Prepare data. dChip analysis is based on a group of array data files a researcher generates, either in DAT or CEL format. All the arrays to be used in a single analysis should be of the same chip type. The current limit on the number of arrays is 400. To read in the data, select the menu “Analysis/Open Group”:

Type in a group name in the “Group name” drop-down list, or click the button with the down-arrow to select a previous group. The group settings such as file names and gene filtering parameters will be saved in a group configuration (“group name”.ini) file under the same directory as the “dchip.exe” file. Click the “Delete” button to erase the settings for the specified group.
Click “Data directory” button to choose the directory containing the data (DAT, CEL, or DCP) files to be analyzed. Alternatively a “Data file list” can be used when the data files are stored in several directories or we want to specify individual data files. A data file list is a text file (make sure it has .txt extension) with each row containing directory or individual data file names. If specified, dChip will only search these directories or use these files. The following is an example “data file list”:
E:\Affy data\dan\CA-H.cel
E:\Affy data\dan\CA-HR.cel
E:\Affy data\zugen
E:\Affy data\dan\PC-C.cel
E:\Affy data\dan\PC-H.cel
E:\Affy data\dan\PC-R.cel
E:\Affy data\dan2
Next, specify whether you want to read in DAT or CEL files. CEL files are in text format and contain intensities values for PM and MM features, and are converted from pixel-level DAT files by MAS. dChip can also extract PM MM probe values from DAT file use the MAS algorithm (75-th percentile, excluding 1 outer layer of the pixels of each feature; Affymetrix 1999), and save them in DCP format (can be exported to CEL format by “Image/Export CEL”). The MAS algorithm first determines the pixel-level coordinates of the corner features (see header information of a CEL file or DAT file), then linearly interpolates the coordinates of all the features.
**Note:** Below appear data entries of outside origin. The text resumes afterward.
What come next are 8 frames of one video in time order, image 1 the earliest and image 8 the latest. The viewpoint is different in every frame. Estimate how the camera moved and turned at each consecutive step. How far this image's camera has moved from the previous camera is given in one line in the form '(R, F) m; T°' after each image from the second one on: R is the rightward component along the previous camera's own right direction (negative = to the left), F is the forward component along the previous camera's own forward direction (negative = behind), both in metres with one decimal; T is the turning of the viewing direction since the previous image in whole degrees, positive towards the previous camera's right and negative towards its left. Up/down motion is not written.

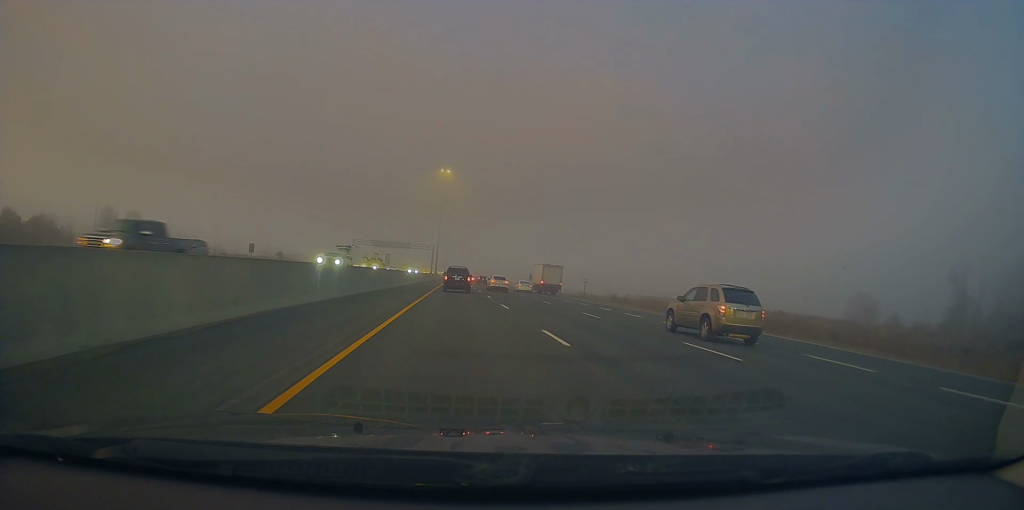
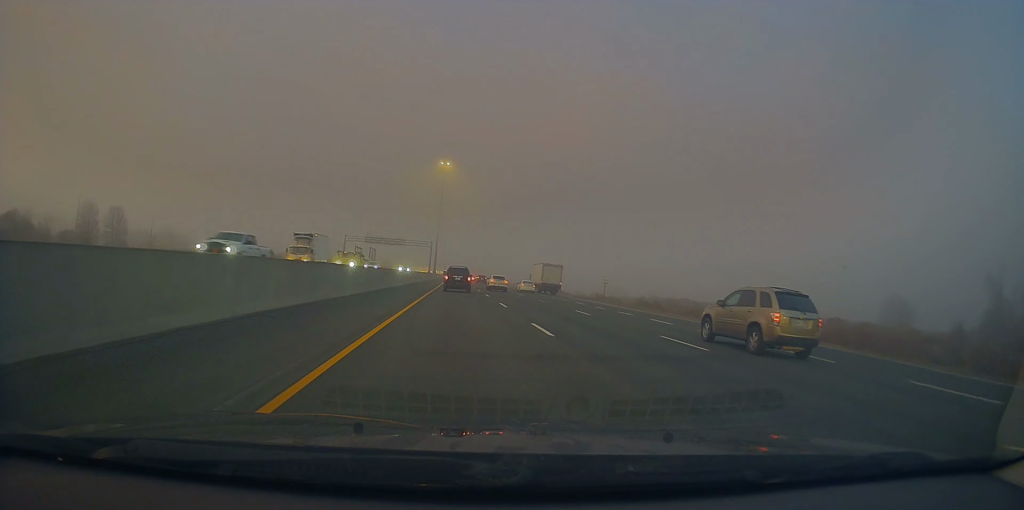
(-0.1, +10.4) m; 0°
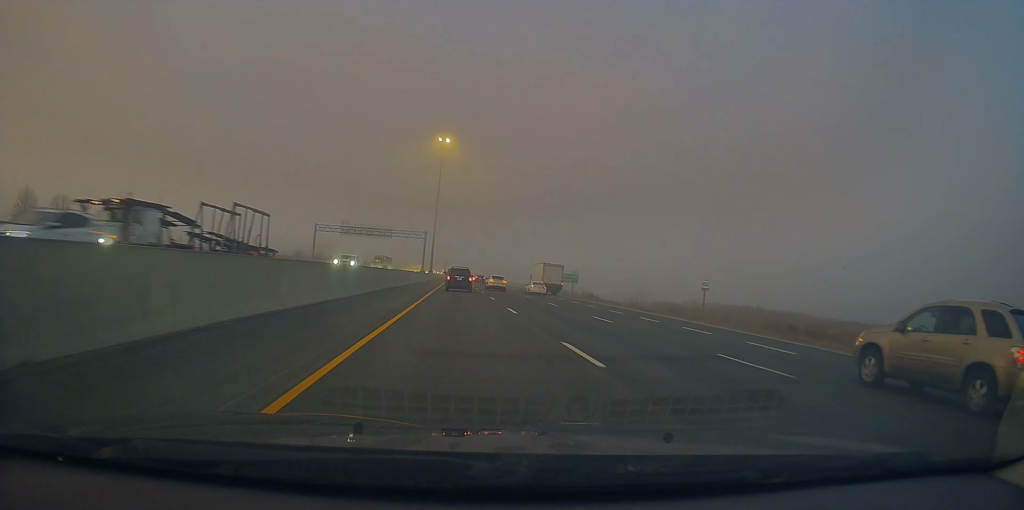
(0.0, +27.4) m; +1°
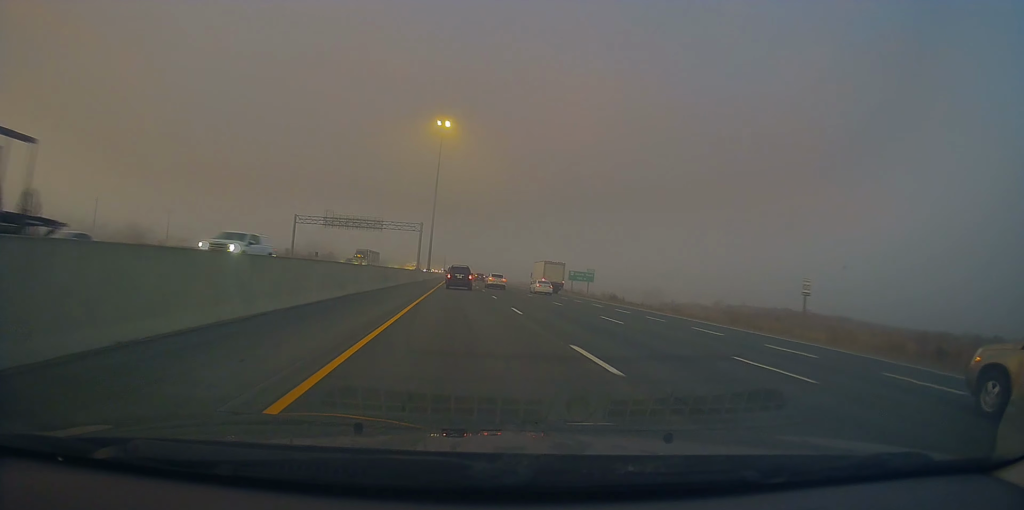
(+0.2, +12.9) m; 0°
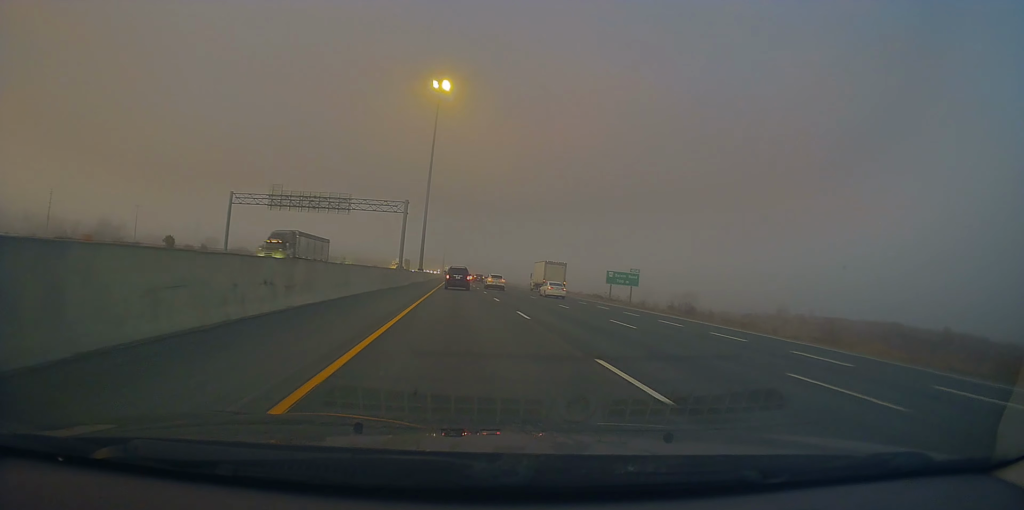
(-0.4, +25.5) m; -1°
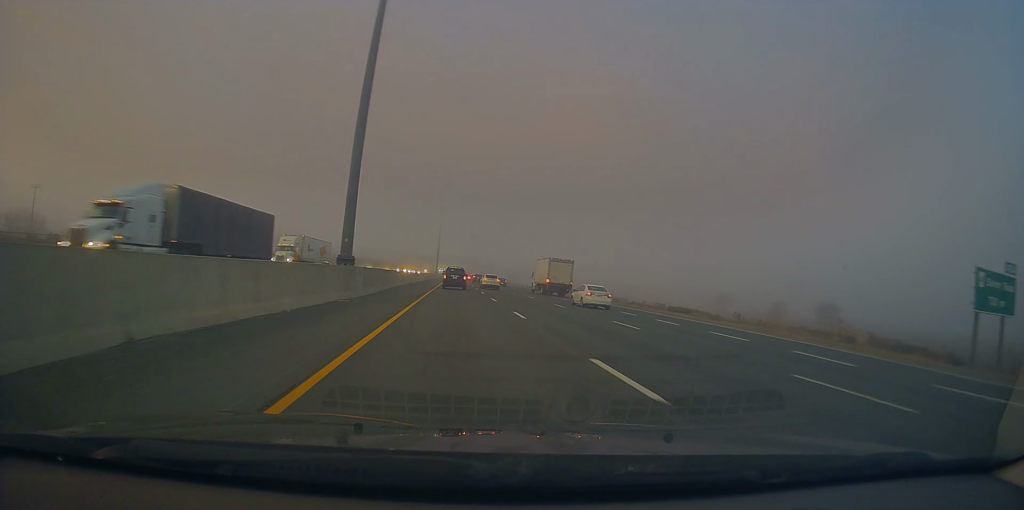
(+0.1, +59.1) m; +1°
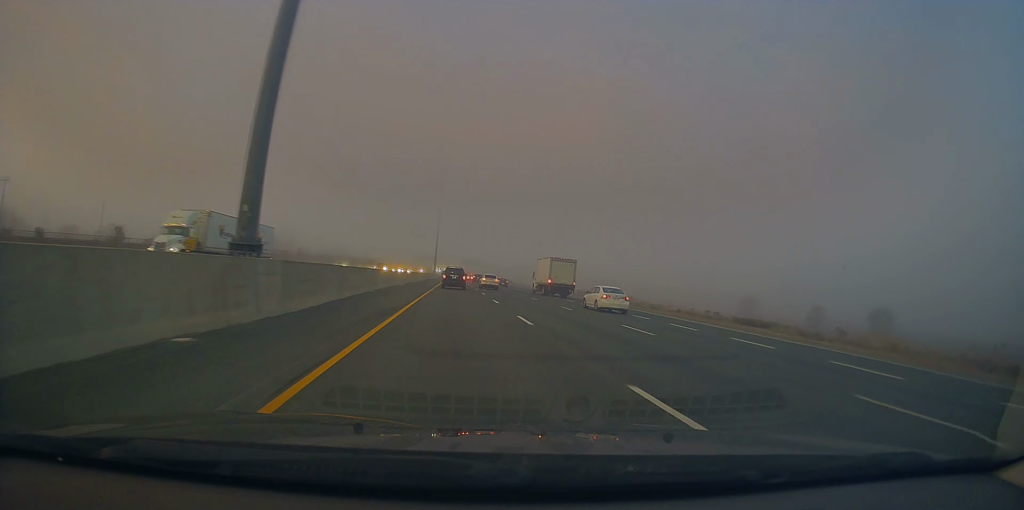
(0.0, +14.4) m; 0°
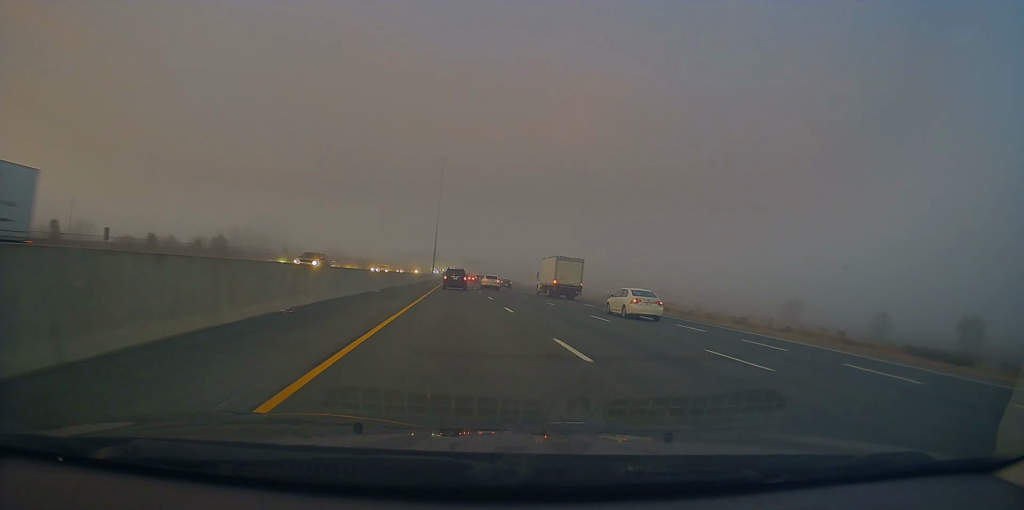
(+0.1, +17.8) m; 0°

This works well even if the scanned array image is slightly skewed. However, if the coordinates of corner features are determined incorrectly (e.g. page 4 of Li and Wong 2001a, can be checked by dChip outlier image), one may use MAS software to correct the corner points of the DAT file and regenerate CEL file. For more recent higher density arrays with 712 rows and columns of features, dChip-converted CEL files may give different probe values from MAS. This may be due to smaller feature size and number of pixels per feature in these arrays, and in such case using MAS CEL files is recommended.
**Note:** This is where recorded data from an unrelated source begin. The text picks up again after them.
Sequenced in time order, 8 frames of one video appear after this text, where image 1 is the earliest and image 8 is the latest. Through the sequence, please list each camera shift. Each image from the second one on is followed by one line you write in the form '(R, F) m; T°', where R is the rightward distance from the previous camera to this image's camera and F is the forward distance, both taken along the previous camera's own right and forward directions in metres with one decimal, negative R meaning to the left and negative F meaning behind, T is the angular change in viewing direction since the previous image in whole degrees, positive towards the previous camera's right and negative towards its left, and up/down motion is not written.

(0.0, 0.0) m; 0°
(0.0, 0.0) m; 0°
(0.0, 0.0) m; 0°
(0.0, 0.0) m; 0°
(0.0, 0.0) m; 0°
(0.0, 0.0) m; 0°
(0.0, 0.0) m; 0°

If the “Ignore existing DCP file” checkbox is unchecked, dChip will search for existing DCP (dChip data) files with binary CEL data for faster access; these DCP files are saved in the same directory as CEL or DAT files at the first time you open a group, and have the same file name as CEL or DAT files except the “DCP” extension. They contain unnormalized and normalized probe cell intensities and also model-based expression values to be explained later. By default the normalized values are used when available, but we can check “Use unnormalized data” to use unnormalized CEL data (e.g for viewing purpose at DataView). If “Ignore existing DCP file” is checked then dChip will always extract data from CEL or DAT files. In V1.2+, check “Tools/Options/Analysis/Search and save DCP file in the Working directory” to store DCP files into different places than CEL files. This way we may perform different analysis (e.g. normalization using different baseline array, compute expression values with different options) and store the results into DCP files under different directories while maintaining the single copy of CEL files.
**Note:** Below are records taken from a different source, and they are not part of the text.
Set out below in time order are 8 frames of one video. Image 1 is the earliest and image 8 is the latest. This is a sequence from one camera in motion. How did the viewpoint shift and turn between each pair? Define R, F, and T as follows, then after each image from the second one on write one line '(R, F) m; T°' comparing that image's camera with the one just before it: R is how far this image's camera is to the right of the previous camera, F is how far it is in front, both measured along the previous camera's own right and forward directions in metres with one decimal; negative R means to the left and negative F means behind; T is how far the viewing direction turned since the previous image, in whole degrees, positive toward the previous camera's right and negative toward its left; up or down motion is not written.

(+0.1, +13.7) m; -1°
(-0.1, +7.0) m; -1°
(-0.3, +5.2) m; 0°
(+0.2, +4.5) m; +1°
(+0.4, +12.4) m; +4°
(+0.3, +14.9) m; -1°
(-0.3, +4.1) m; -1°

dChip considers the CEL, DAT or DCP files with the same time tag (can be found in the header line of CEL file) as identical files and only read in one of the identical files. If CEL files of two different samples happen to have the same time tag, one may change the time tag manually in one of the CEL file header (open CEL file in a text editor), e.g: change “01/18/ 1 13:43:17” to “01/18/ 1 13:43:18”. If files don't have time tags, uncheck "Open group/Options/Check CEL file time tag" to read them all. (Discussion thread)
More general analysis options can be selected by clicking the “Options” button (or “Tools/Options/Analysis”). For example, a “Working directory” can be specified as the default directory for dChip to output analysis files.
Uncheck "Analysis/Open group/Options/Load probe data in memory" to not load probe data so that a large dataset containing many arrays or large array types (e.g. 100K SNP array) can be loaded faster. Then do normalization and model-based expression computation the same way as before. However CEL image and PM/MM data views are not available since they use probe level data.
[V2/1/07+] At "Open group", specify "Suffix of TXT/CHP file" as ".chp" to read expression or SNP calls from CHP files. This avoids converting CHP files to TXT files to use in dChip. Related link: Parsing a genotyping CHP File.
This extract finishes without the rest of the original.